Non-banking finance companies (NBFCs) also provide high-value unsecured loans. “At present, NBFCs that deal with specialised education loans have high-value unsecured loan options for better-ranked institutes, and for meritorious students,” says Nilanjan Chattoraj, director-education loans, InCred Finance.  
 
Obstacle courses 
 
Next, let us turn to the key hurdles students face when they need a large loan amount for foreign studies. 
 
High interest rates and hidden costs: Many players offer loans that come at a high cost. “These include high interest rates, processing fees, and hidden charges,” says Vibha Kagzi, founder and CEO, Reachivy.com. She suggests comparing loan options across banks and NBFCs. Students admitted to reputed foreign institutes can also negotiate interest rates and other fees. 
 
Collateral requirements: While collateral-free loans are available from SBI, several private banks, NBFCs and fintech lenders, a number of students still need to meet strict eligibility criteria. “Students who meet a lender’s eligibility criteria, such as a strong academic record or admission to a reputed institute, can access loans with ease.
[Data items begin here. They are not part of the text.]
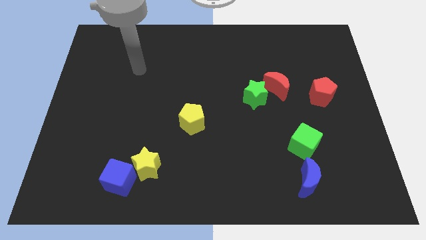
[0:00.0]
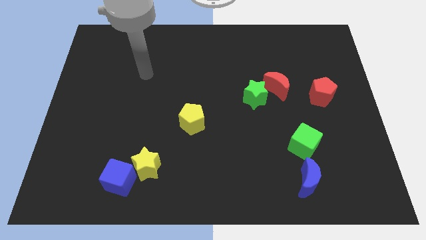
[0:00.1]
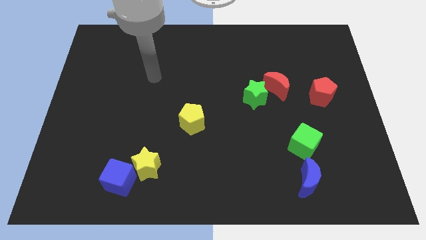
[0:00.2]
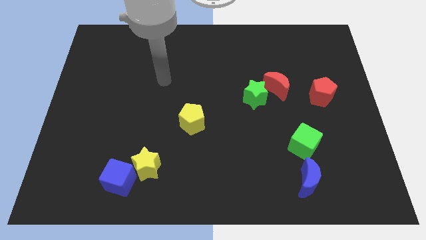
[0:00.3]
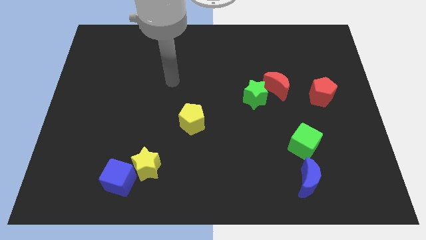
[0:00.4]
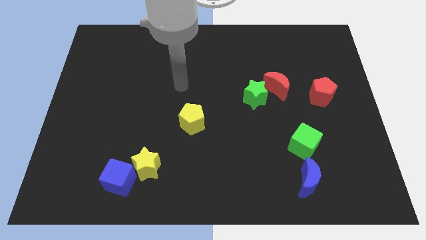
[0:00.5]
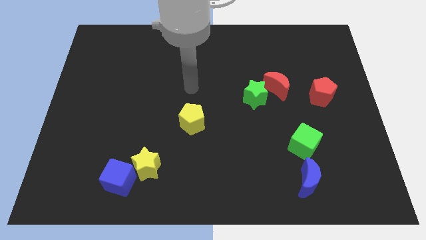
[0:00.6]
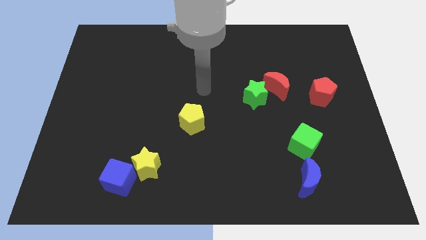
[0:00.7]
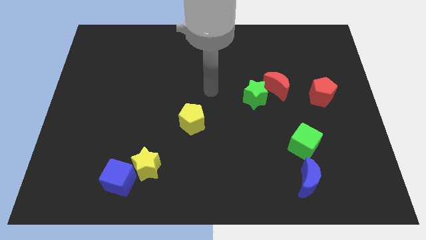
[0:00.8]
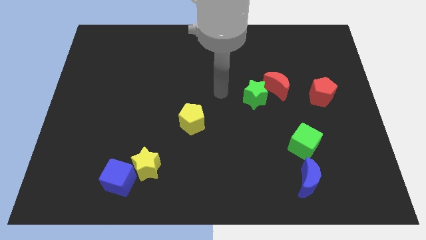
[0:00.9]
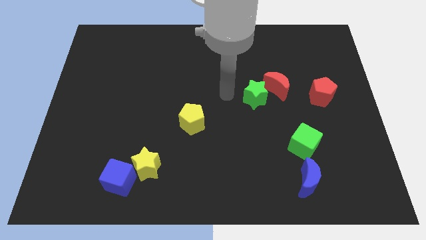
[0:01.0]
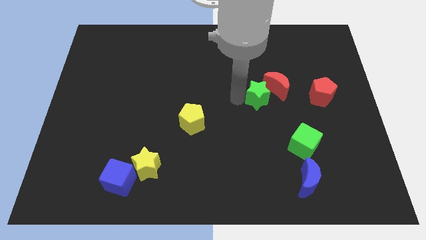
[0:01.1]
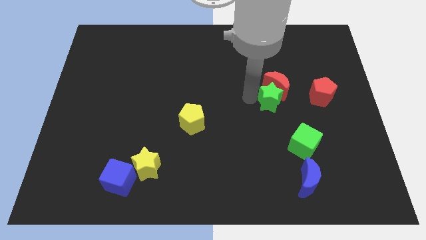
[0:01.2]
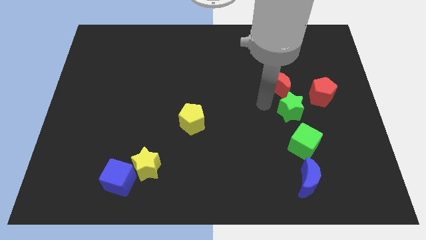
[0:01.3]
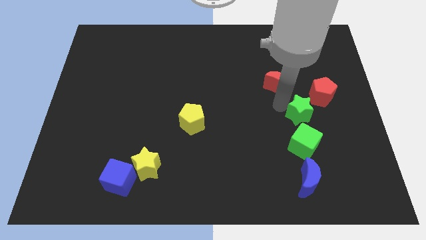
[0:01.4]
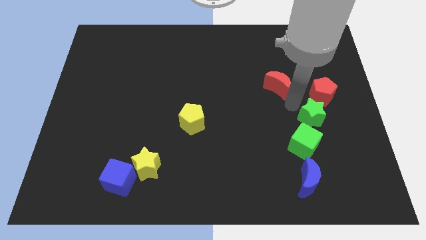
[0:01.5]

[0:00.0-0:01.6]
move the red moon away from the green star

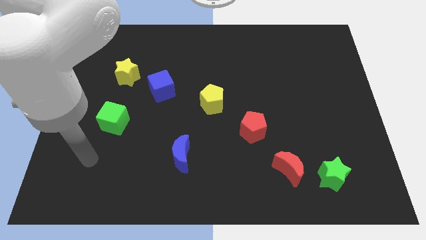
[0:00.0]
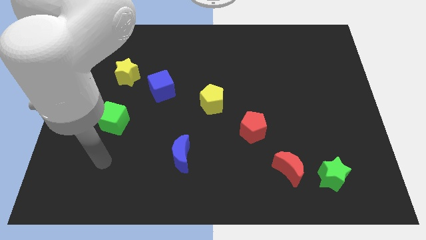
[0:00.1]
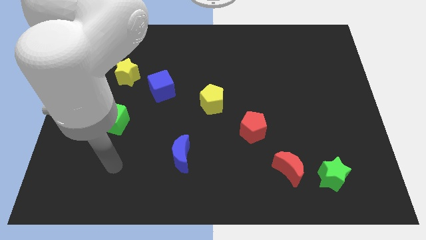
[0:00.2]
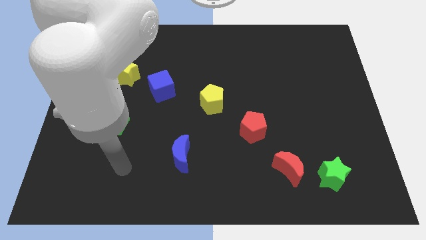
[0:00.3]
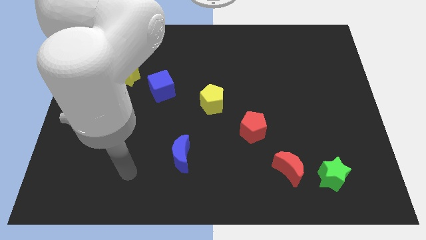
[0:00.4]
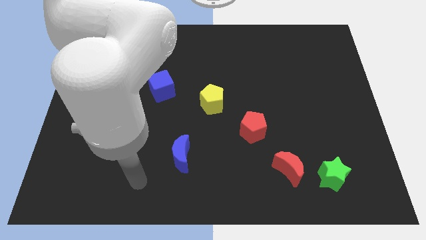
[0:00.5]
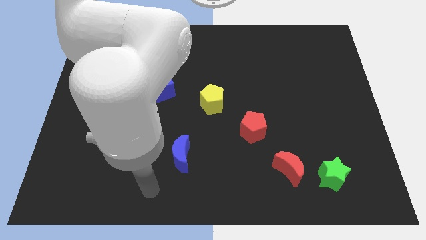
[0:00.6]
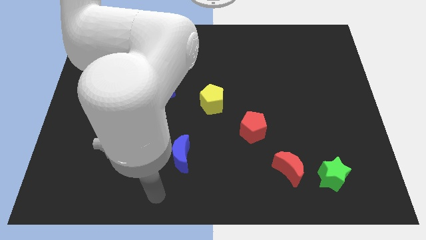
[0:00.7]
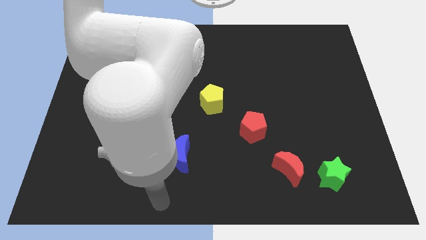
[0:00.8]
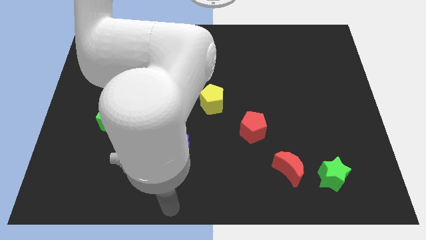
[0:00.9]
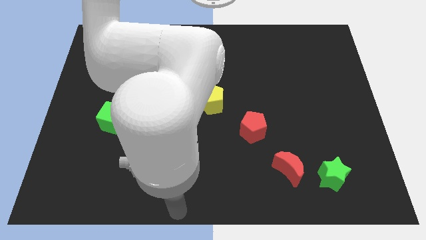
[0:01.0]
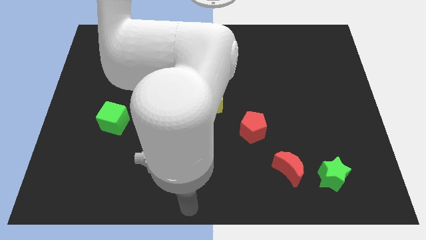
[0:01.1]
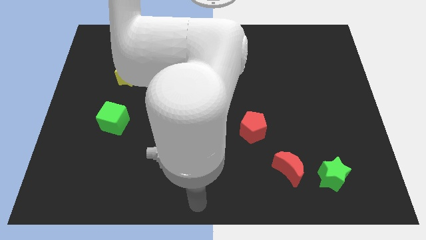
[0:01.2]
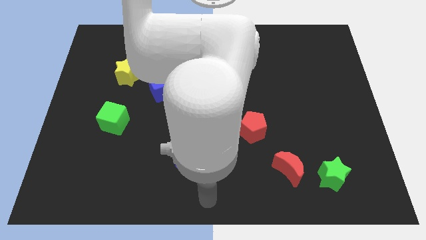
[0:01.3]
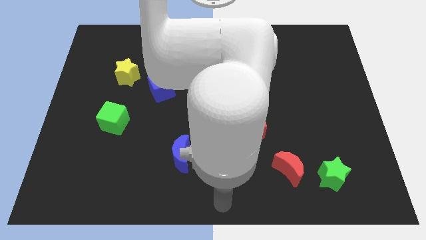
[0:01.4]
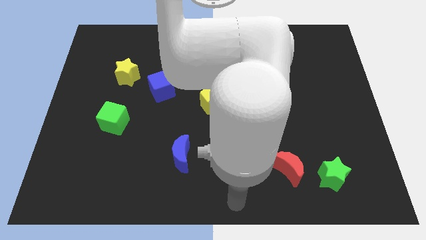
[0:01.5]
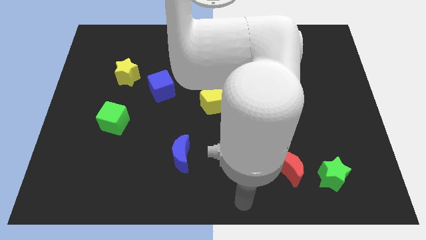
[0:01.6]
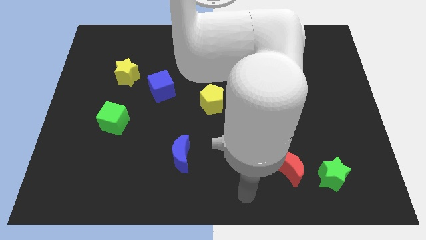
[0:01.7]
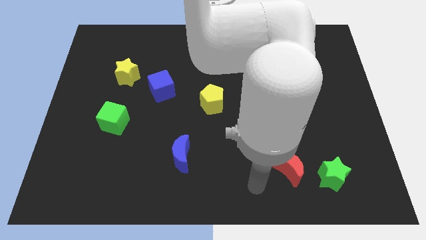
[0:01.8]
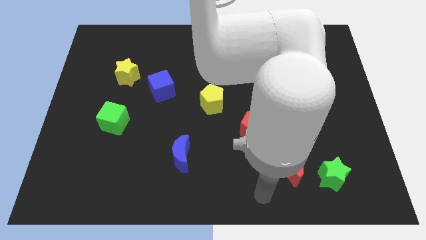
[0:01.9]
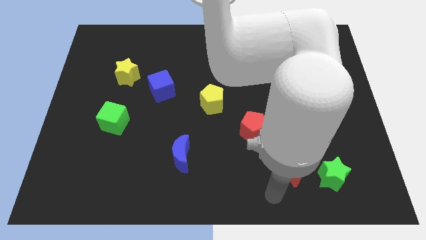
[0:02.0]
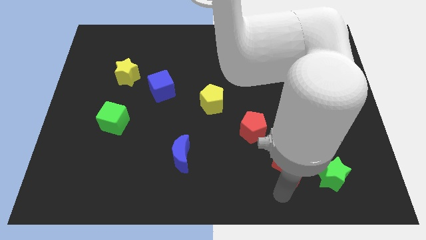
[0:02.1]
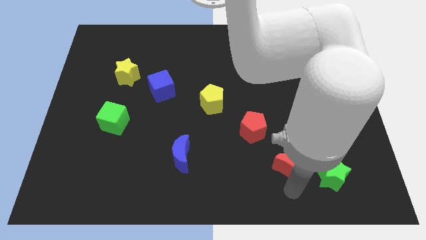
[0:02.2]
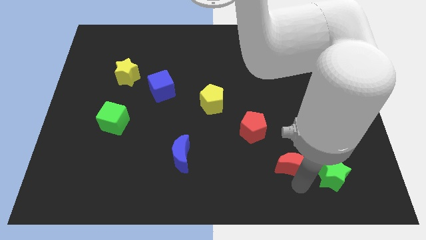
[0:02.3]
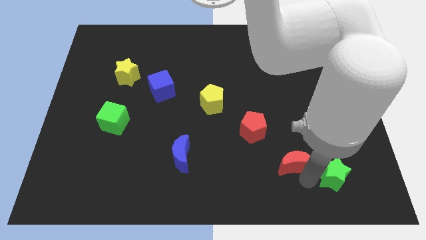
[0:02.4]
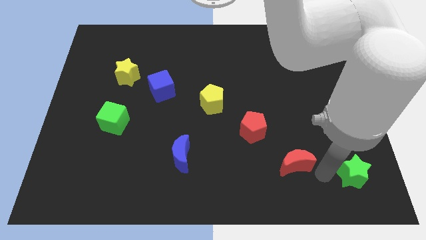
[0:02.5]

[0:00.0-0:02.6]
separate the red moon from the green star

However, those who fall short may need to provide collateral or a co-borrower. The family’s income stability and good credit scores can help,” says Adhil Shetty, CEO, Bankbazaar. 
 
Under- and over-estimating loan amount: Borrowers must consider all costs associated with studying abroad, including tuition fees, living expenses (rent, food, entertainment, etc.), and miscellaneous costs (laptop purchase, travel, reading materials, etc.). “Speak to the university’s alumni and use online tools to get a better idea,” says Chattoraj. 
 
Overestimating expenses can also prove a burden. “Borrow what you need. Avoid spending on luxury items. Supplement the loan with savings, scholarships, and part-time work,” says Kagzi. 
 
Have a buffer for unexpected challenges that may arise during studies. “Students must be prepared to navigate unforeseen challenges — problems in the nation where the university is located, personal or family difficulties,” says Sonal Kapoor, chief commercial officer, Prodigy Finance. 
 
Extensive documentation: Lenders require proof of admission, academic records, fee structure, and income related documents of guarantors and co-borrowers. Some may also request credit scores and tax returns. “Go through the list of documents mentioned by the preferred lender,” says Shetty. 
 
Processing time: Lenders differ in processing times. Some offer provisional loan approvals before the admission letter is issued. “Starting the loan process early, ideally after shortlisting universities, helps avoid last-minute hassles,” says Chattoraj. 
 
Margin money: Borrowers must pay a portion of expenses, known as margin money, out of their pockets. “This can be 10-25 per cent, depending on the lender and loan,” says Kapoor. Visa fees, health insurance, travel, living and other ancillary costs may have to be met by students themselves. 
 
Non-STEM courses, less-reputed universities: Loans for non-STEM (science, technology, engineering, and mathematics) courses or lower-ranked universities often come with higher interest rates, additional collateral and margin requirements, and stricter repayment conditions. “Lenders scrutinise such applications more carefully to determine employability and earning potential,” says Kagzi. 
 
Selecting the right lender 
 
When choosing a lender, borrowers should consider interest rates, repayment terms, and a host of other factors. “Some lenders offer competitive rates based on future earning potential. Full-time students get a six-month grace period after graduation to start repayments,” says Kapoor. 
 
Shetty suggests starting with one’s existing bank to leverage an existing relationship. “Public sector banks, in particular, provide a wide range of loans for long and short-term courses with competitive rates,” he says. 
 
Investors must scrutinise the terms for early exit. “Check for fees for foreclosing the loan,” says Bhanushali. 
 
Chattoraj suggests verifying whether the lender supports funding for the chosen country and course.  
 
Common mistakes to avoid 
 
Borrowers should avoid underestimating or overestimating loan amounts. “Borrowing less can be risky due to job uncertainty and unexpected costs,” says Kapoor.  Delaying loan application can prove costly. “The visa process often requires proof of financial support, so starting early is essential,” says Kapoor.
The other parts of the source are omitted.